Expected Output: [{'a': '3', 'b': '9'}, {'a': '1'}, {'a': '3', 'b': '9'}]

Explanation: The second batch updates 'a' twice and adds 'b'. Undo must restore the exact pre-batch state.

Input: [('begin',), ('set', 'x', '1'), ('end',), ('begin',), ('set', 'y', '2'), ('end',), ('undo',), ('begin',), ('set', 'z', '3'), ('end',), ('redo',), ('snapshot',)]

Expected Output: [{'x': '1', 'z': '3'}]

Explanation: After undoing the batch that added 'y', committing a new batch clears redo history, so redo does nothing.

Input: [('undo',), ('redo',), ('snapshot',)]

Expected Output: [{}]

Explanation: Edge case: undo and redo on empty history are no-ops.

Input: [('begin',), ('set', 'a', '1'), ('snapshot',), ('set', 'a', '2'), ('snapshot',), ('end',), ('undo',), ('snapshot',)]

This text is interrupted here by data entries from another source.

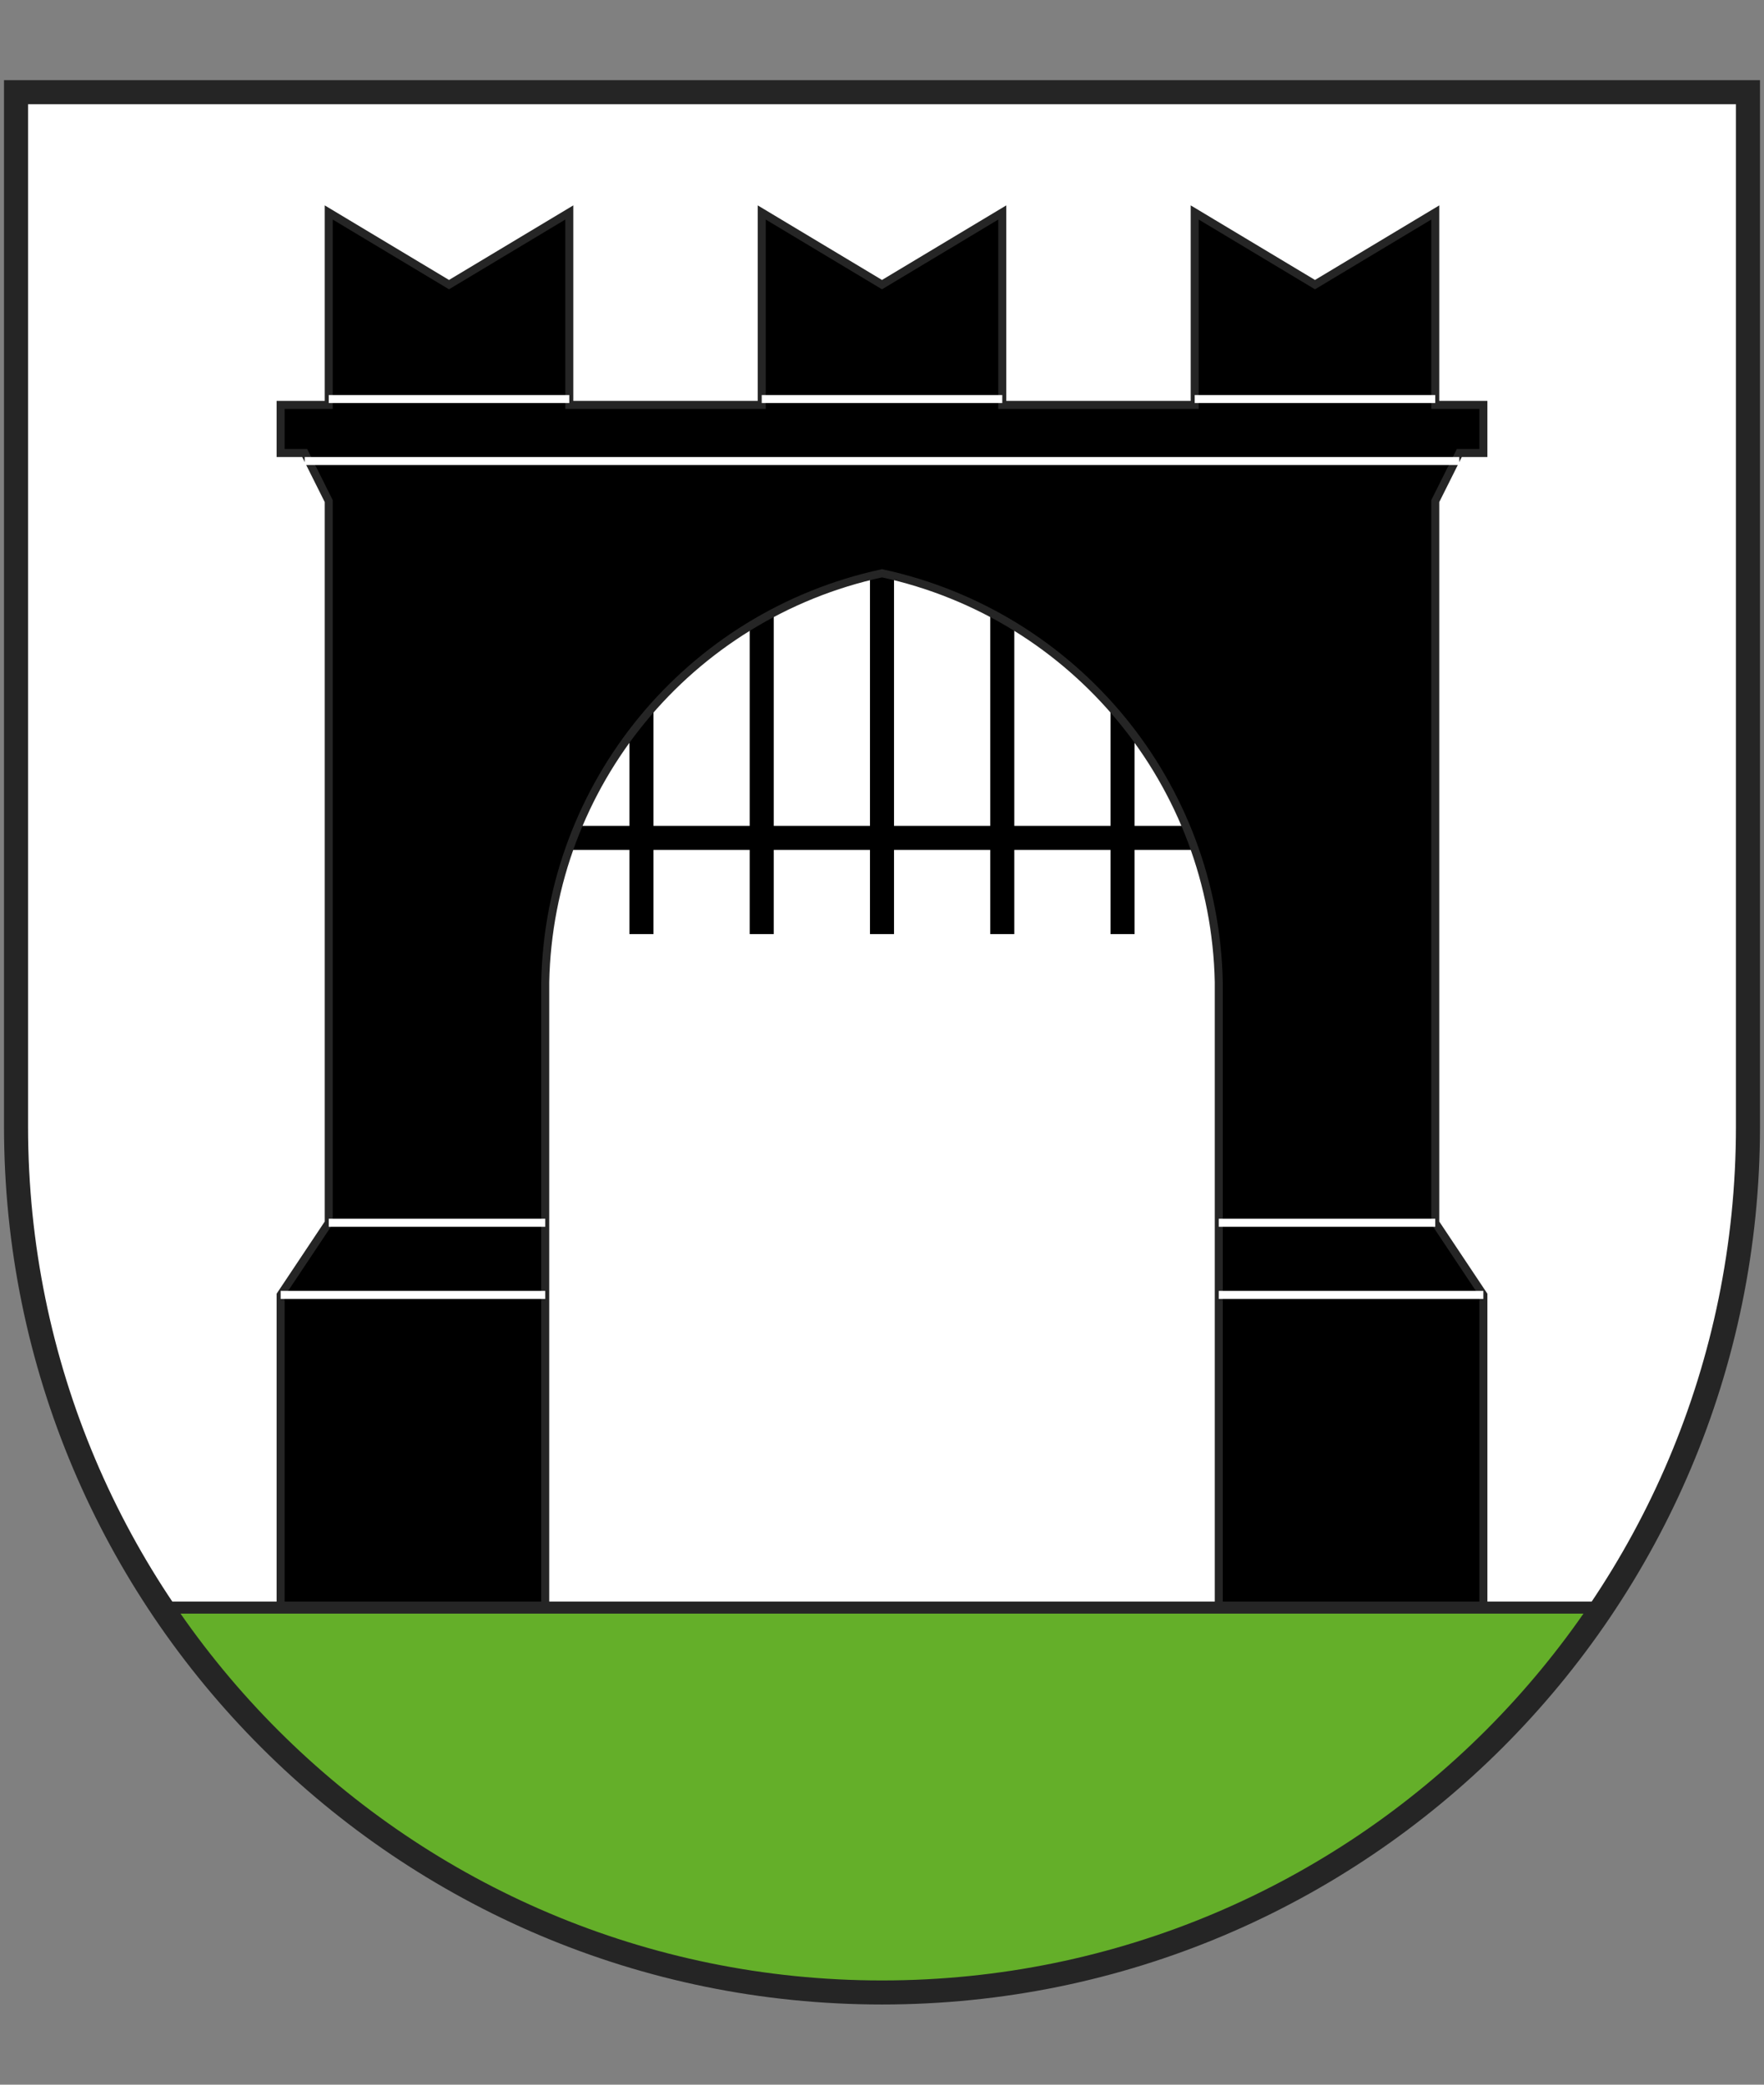 <?xml version="1.0" encoding="UTF-8"?>
<svg id="Ebene_1" data-name="Ebene 1" xmlns="http://www.w3.org/2000/svg" xmlns:xlink="http://www.w3.org/1999/xlink" viewBox="0 0 440 520">
  <rect x="0" y="0" width="440" height="520" fill="#808080" stroke="none"/>
  <defs>
    <style>
      .cls-1 {
        stroke: #fff;
      }

      .cls-1, .cls-2, .cls-3, .cls-4 {
        fill: none;
      }

      .cls-1, .cls-5 {
        stroke-width: 2px;
      }

      .cls-1, .cls-5, .cls-3, .cls-4 {
        stroke-miterlimit: 10;
      }

      .cls-6 {
        clip-path: url(#clippath);
      }

      .cls-2, .cls-7, .cls-8, .cls-9 {
        stroke-width: 0px;
      }

      .cls-7 {
        fill: #64af29;
      }

      .cls-7, .cls-8, .cls-5, .cls-9 {
        fill-rule: evenodd;
      }

      .cls-8 {
        fill: #fff;
      }

      .cls-5, .cls-3, .cls-4 {
        stroke: #252525;
      }

      .cls-5, .cls-9 {
        fill: #000;
      }

      .cls-3 {
        stroke-width: 3px;
      }

      .cls-4 {
        stroke-width: 6px;
      }
    </style>
    <clipPath id="clippath">
      <path class="cls-2" d="M3.999,281c0,119.294,96.707,216.001,216.001,216.001s216.001-96.707,216.001-216.001V22.999H3.999v258.001Z"/>
    </clipPath>
  </defs>
  <g class="cls-6">
    <g>
      <path id="feld-1" class="cls-8" d="M-35.001-10.001v510.003h510.003V-10.001H-35.001Z"/>
      <path id="boden-1" class="cls-7" d="M-35.001,401.001v99h510.003v-99H-35.001Z"/>
      <path id="gatter-1" class="cls-9" d="M157,233h6v-96h-6v96Z"/>
      <path id="gatter-2" class="cls-9" d="M187,233h6v-96h-6v96Z"/>
      <path id="gatter-3" class="cls-9" d="M217,233h6v-96h-6v96Z"/>
      <path id="gatter-4" class="cls-9" d="M247,233h6v-96h-6v96Z"/>
      <path id="gatter-5" class="cls-9" d="M277,233h6v-96h-6v96Z"/>
      <path id="gatter-6" class="cls-9" d="M136,212h168.001v-6h-168.001v6Z"/>
      <path id="tor-1" class="cls-5" d="M136,245v156.001h-66v-78l12-18V124.999l-6-12h-6v-12h12v-48l30,18,30-18v48h48v-48l30,18,30-18v48h48v-48l30,18,30-18v48h12v12h-6l-6,12v180.001l12,18v78h-66v-156.001c-.988-49.355-35.751-91.567-84-102.001-48.249,10.434-83.012,52.646-84,102.001Z"/>
      <path id="tor-linie-1" class="cls-1" d="M136,323h-66"/>
      <path id="tor-linie-2" class="cls-1" d="M136,305h-54"/>
      <path id="tor-linie-3" class="cls-1" d="M370.001,323h-66"/>
      <path id="tor-linie-4" class="cls-1" d="M358.001,305h-54"/>
      <path id="tor-linie-5" class="cls-1" d="M75.999,114.999h288.001"/>
      <path id="tor-linie-6" class="cls-1" d="M81.999,99.533h60"/>
      <path id="tor-linie-7" class="cls-1" d="M190,99.533h60"/>
      <path id="tor-linie-8" class="cls-1" d="M298,99.533h60"/>
      <path id="linie-1" class="cls-3" d="M-35.001,401.001h510.003"/>
    </g>
  </g>
  <path id="clip-boundary" class="cls-4" d="M3.999,281c0,119.294,96.707,216.001,216.001,216.001s216.001-96.707,216.001-216.001V22.999H3.999v258.001Z"/>
</svg>

Expected Output: [{'a': '1'}, {'a': '2'}, {}]

Explanation: Snapshots inside an open batch should reflect live edits, but undo still reverts the whole committed batch.

Hints

  1. For each key touched in the current batch, record its old value only the first time that key is edited in the batch.
  2. Use two stacks: one for committed batches that can be undone, and one for undone batches that can be redone. Clear the redo stack when a new non-empty batch is committed.

Part 2: Compact a Batch into Memory-Efficient Change Records

You are given the document state before a batch and the raw setProperty edits that happened inside that batch. Multiple edits may target the same key. Build a compact history so that each key appears at most once, while still storing enough information for correct undo and redo. For each touched key, store a record (key, final_value, old_value_or_None, had_old_value). The records must be returned in the order each key first appears in the batch. Then use only these compact records to compute the document after applying the batch, after undoing the batch, and after redoing the batch. There is no delete operation in this problem.

Constraints

  • 0 <= len(initial_document) <= 200000
  • 0 <= len(edits) <= 200000
  • Keys and values are strings of length 1 to 50
  • Each edit is a set operation only
  • The output order of 'changes' must follow the first time each key appears in edits

Examples

Input: ({'a': '1', 'b': '2'}, [('a', '3'), ('a', '4'), ('c', '5')])

Expected Output: {'changes': [('a', '4', '1', True), ('c', '5', None, False)], 'after_apply': {'a': '4', 'b': '2', 'c': '5'}, 'after_undo': {'a': '1', 'b': '2'}, 'after_redo': {'a': '4', 'b': '2', 'c': '5'}}

Explanation: Repeated edits to 'a' collapse into one record that keeps the original old value and the final new value.

Input: ({}, [('x', '1'), ('x', '2'), ('x', '3')])

Expected Output: {'changes': [('x', '3', None, False)], 'after_apply': {'x': '3'}, 'after_undo': {}, 'after_redo': {'x': '3'}}

Explanation: Edge case: a new key is written multiple times in an otherwise empty document.

Input: ({'k': 'v'}, [])

Expected Output: {'changes': [], 'after_apply': {'k': 'v'}, 'after_undo': {'k': 'v'}, 'after_redo': {'k': 'v'}}

Explanation: Edge case: an empty batch produces no compact records and changes nothing.

Input: ({'p': '7', 'q': '8'}, [('r', '1'), ('p', '9'), ('r', '2'), ('q', '0'), ('p', '10')])

Expected Output: {'changes': [('r', '2', None, False), ('p', '10', '7', True), ('q', '0', '8', True)], 'after_apply': {'p': '10', 'q': '0', 'r': '2'}, 'after_undo': {'p': '7', 'q': '8'}, 'after_redo': {'p': '10', 'q': '0', 'r': '2'}}

Explanation: The compact record list follows first appearance order: r, p, q.

Hints

  1. When a key appears for the first time in the batch, capture its old value from the pre-batch document, not from any earlier edit in the same batch.
  2. For later edits to the same key, update only the final value in its compact record.